And that's what the relay coil is built to require. 100 or 110 Volts DC. The Amphenol 80MC2 mike plug presents a unique hazard. It was meant for mike cords that had a robust braided shield. It gets captured between the metal body of the plug and the relief spring, under a set screw. Just one problem. Sooner or later the braid will fray, strand by strand until the cord's ground connection comes completely loose inside the plug.

Where you can't see it.

When this happens, the body of a metal base microphone becomes hot with about 300 Volts DC when you key it.

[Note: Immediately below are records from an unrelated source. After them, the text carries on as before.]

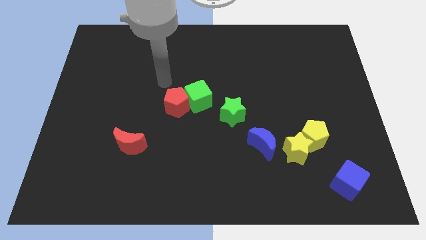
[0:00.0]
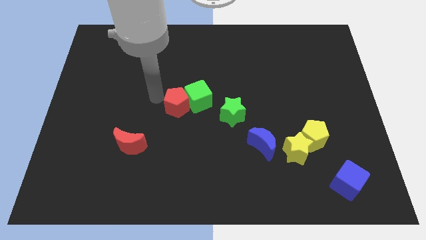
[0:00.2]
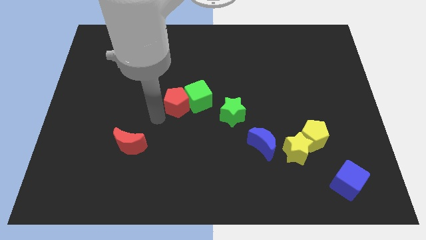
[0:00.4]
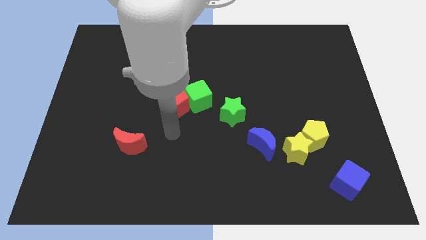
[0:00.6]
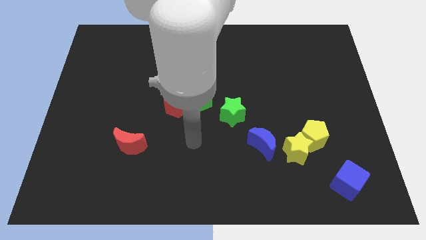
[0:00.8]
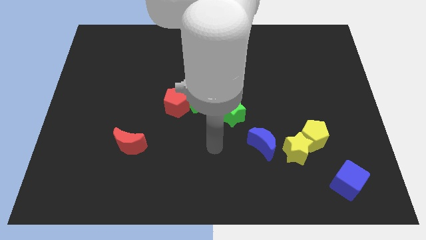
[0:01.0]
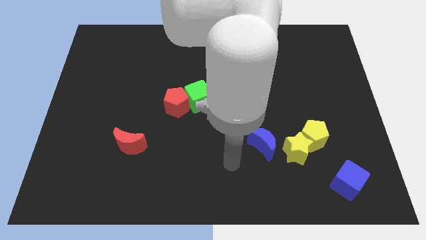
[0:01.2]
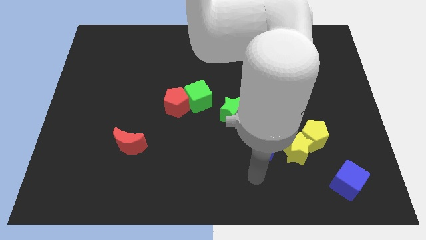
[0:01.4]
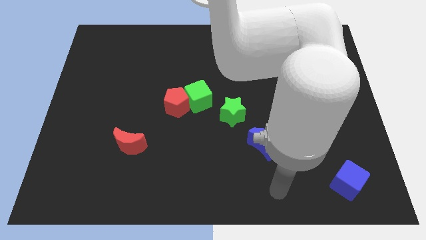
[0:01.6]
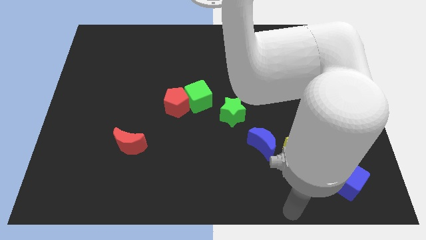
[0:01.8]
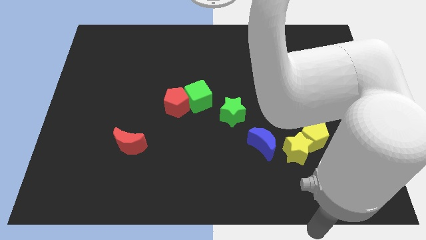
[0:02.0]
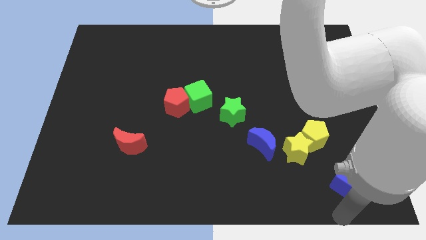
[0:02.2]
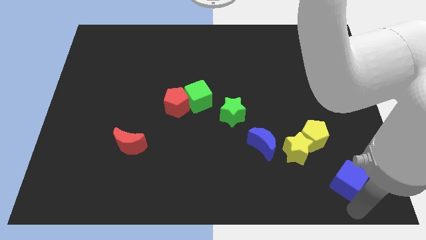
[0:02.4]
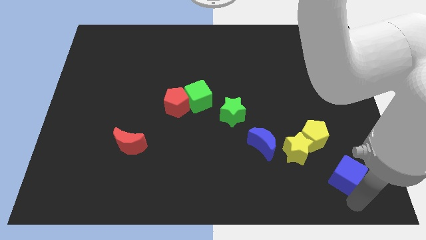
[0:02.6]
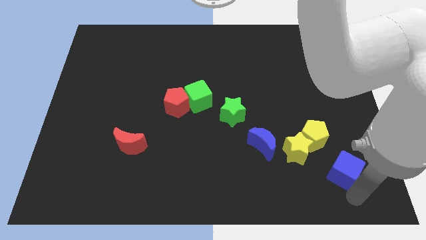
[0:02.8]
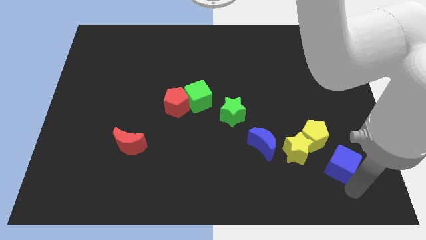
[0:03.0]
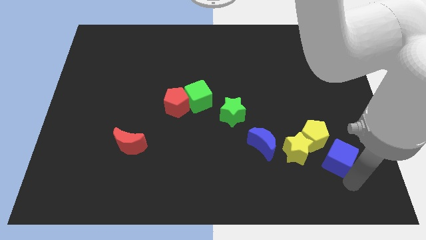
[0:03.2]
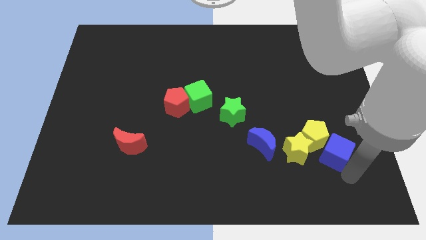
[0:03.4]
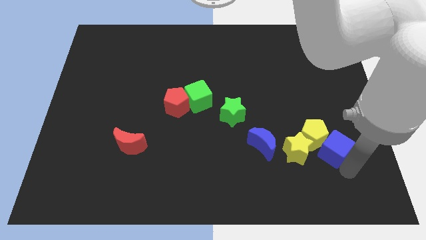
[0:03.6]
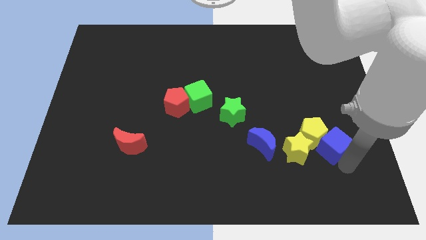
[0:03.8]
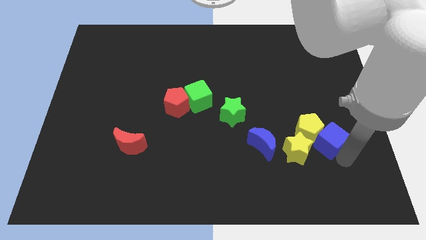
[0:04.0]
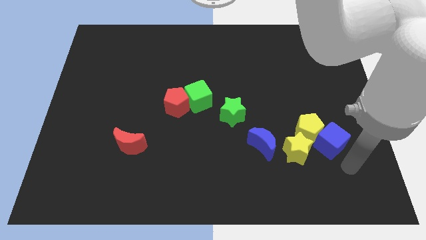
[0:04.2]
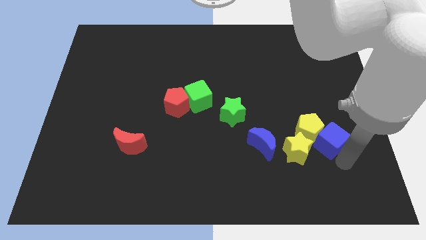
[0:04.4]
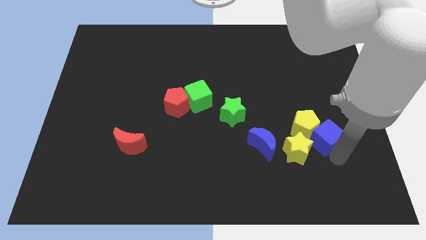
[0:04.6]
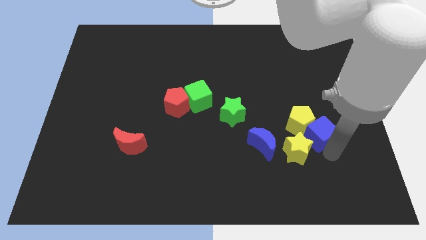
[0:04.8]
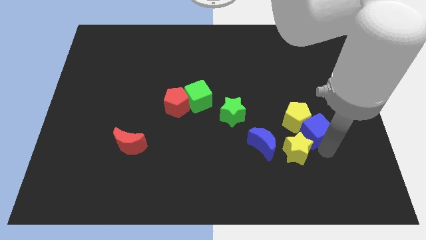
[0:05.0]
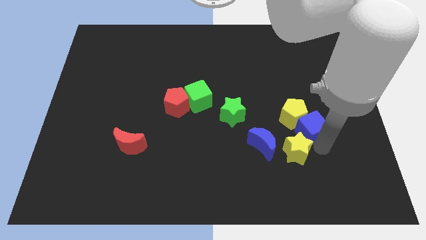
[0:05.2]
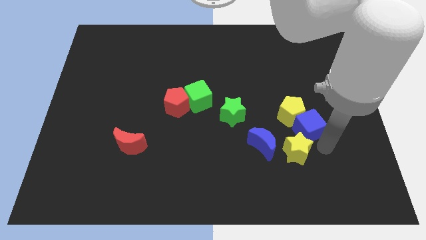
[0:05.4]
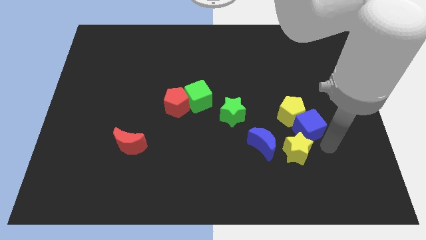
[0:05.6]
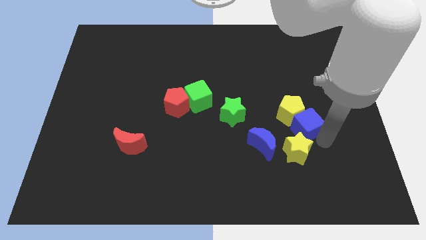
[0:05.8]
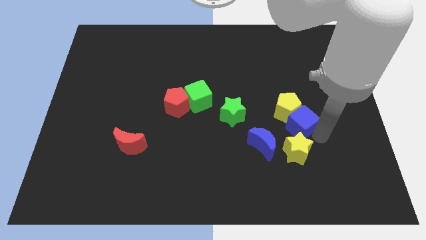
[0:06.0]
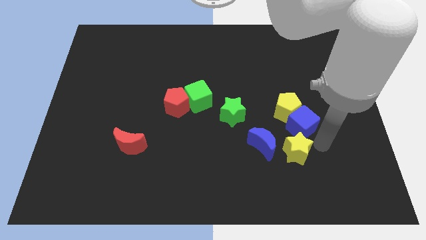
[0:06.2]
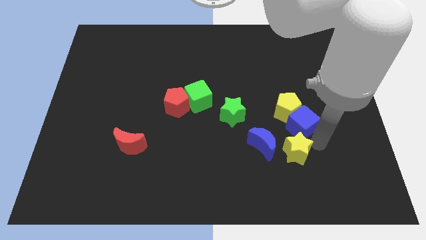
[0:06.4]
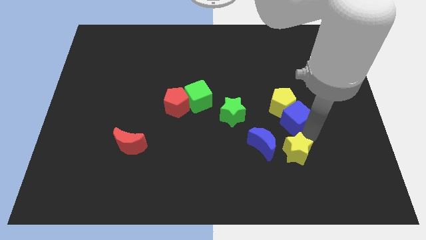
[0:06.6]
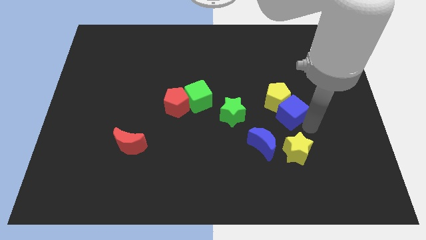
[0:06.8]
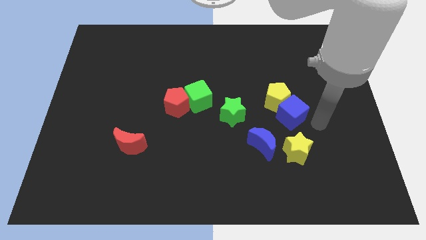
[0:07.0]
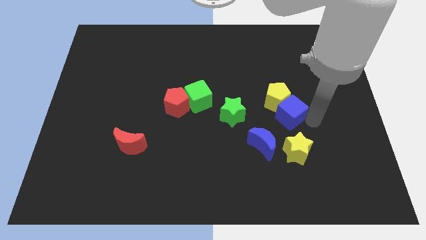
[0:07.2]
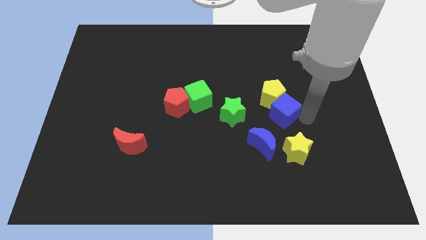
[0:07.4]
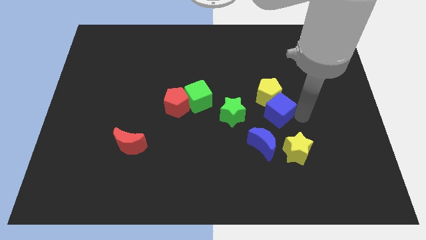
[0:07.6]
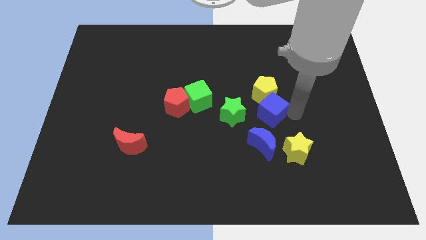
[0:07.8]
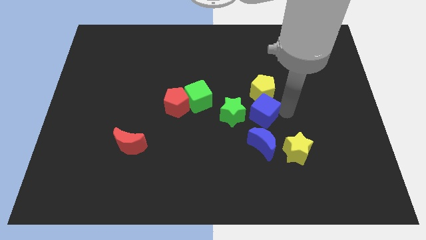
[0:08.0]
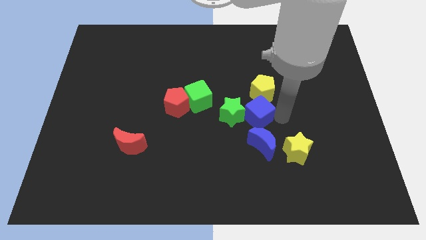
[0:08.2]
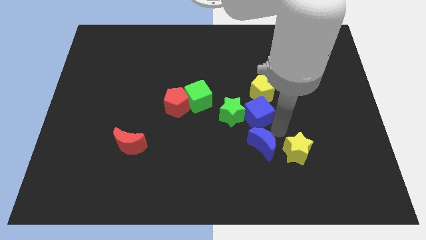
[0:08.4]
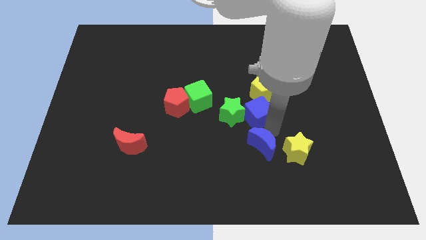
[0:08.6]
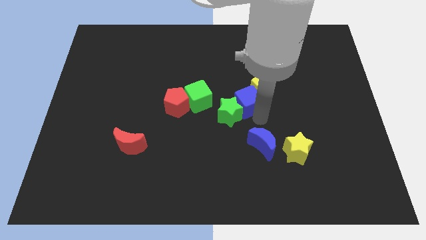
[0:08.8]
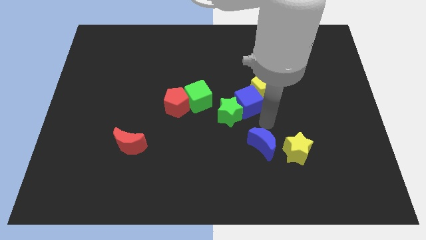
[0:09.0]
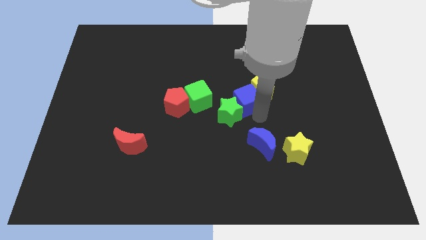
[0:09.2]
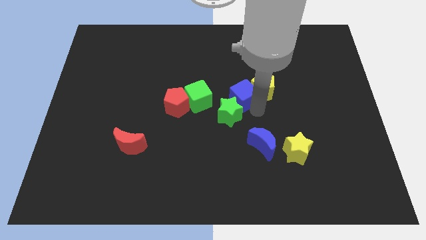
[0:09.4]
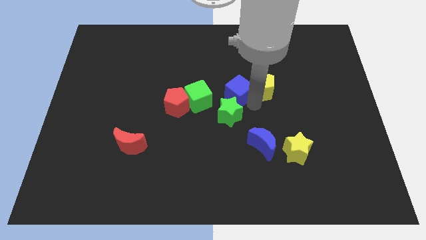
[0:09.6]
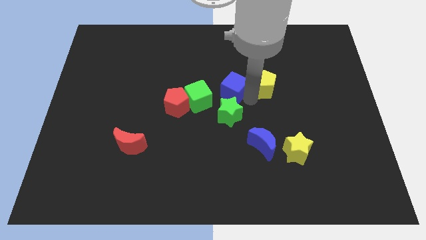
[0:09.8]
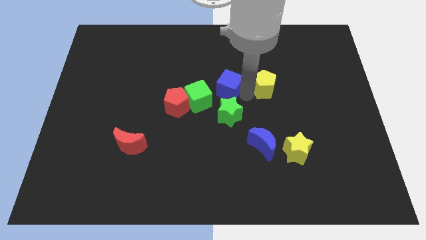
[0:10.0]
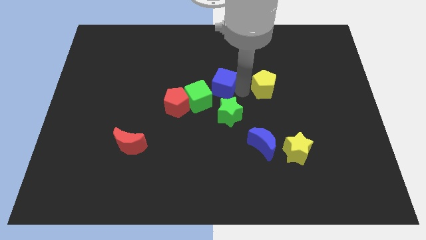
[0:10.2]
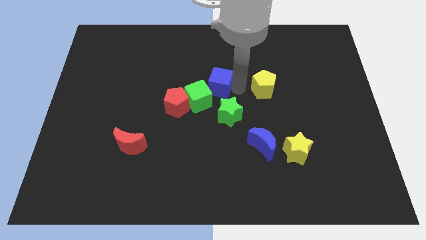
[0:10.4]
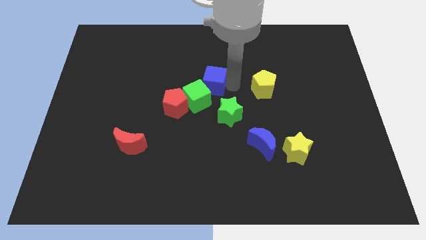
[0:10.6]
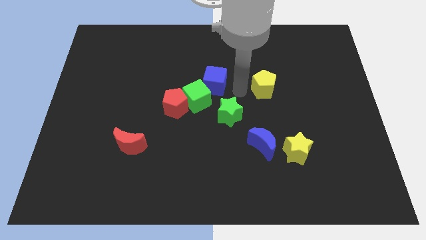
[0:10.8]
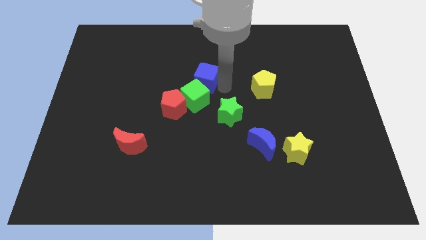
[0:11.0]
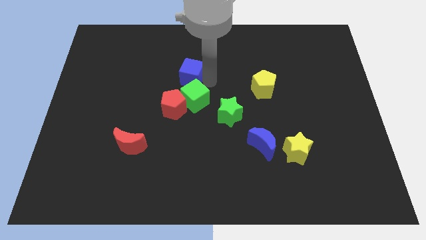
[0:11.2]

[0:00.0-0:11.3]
push the blue cube to the top side of the red pentagon

And if you touch grounded metal while it's keyed, your body becomes the path to ground for current through the relay coil.

Not pleasant. Not safe. Especially not for a heart patient.

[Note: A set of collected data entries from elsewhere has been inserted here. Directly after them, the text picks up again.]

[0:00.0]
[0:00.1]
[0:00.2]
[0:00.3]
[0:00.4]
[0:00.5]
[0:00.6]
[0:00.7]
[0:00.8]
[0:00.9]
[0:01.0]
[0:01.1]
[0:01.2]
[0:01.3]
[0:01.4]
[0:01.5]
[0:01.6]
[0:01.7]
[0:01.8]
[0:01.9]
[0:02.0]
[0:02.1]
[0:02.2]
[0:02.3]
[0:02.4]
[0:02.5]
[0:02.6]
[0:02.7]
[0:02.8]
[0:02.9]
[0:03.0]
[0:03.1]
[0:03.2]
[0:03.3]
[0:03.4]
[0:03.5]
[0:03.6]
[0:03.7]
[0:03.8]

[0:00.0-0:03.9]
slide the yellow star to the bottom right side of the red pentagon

More-modern mike cords have a tiny, wimpy shield that won't hold up for a week. You can 'double up', and wire several unused conductors in the mike cord in parallel with the shield, but the mechanical-weakness problem remains.

This is the procedure we use to modify the transmitter to use a 12-Volt DC relay.

Bad news is we won't cover rewiring the contact pins of the socket. The original relay uses a unique layout of the pins. It was discontinued at least 30 years ago. To use the more-modern "ice-cube" size relays you can actually buy, the socket has to be changed to the newer type.

And put every wire but two onto a lug that's in a different position from the old one. The two coil pins are positioned the same as on the old socket.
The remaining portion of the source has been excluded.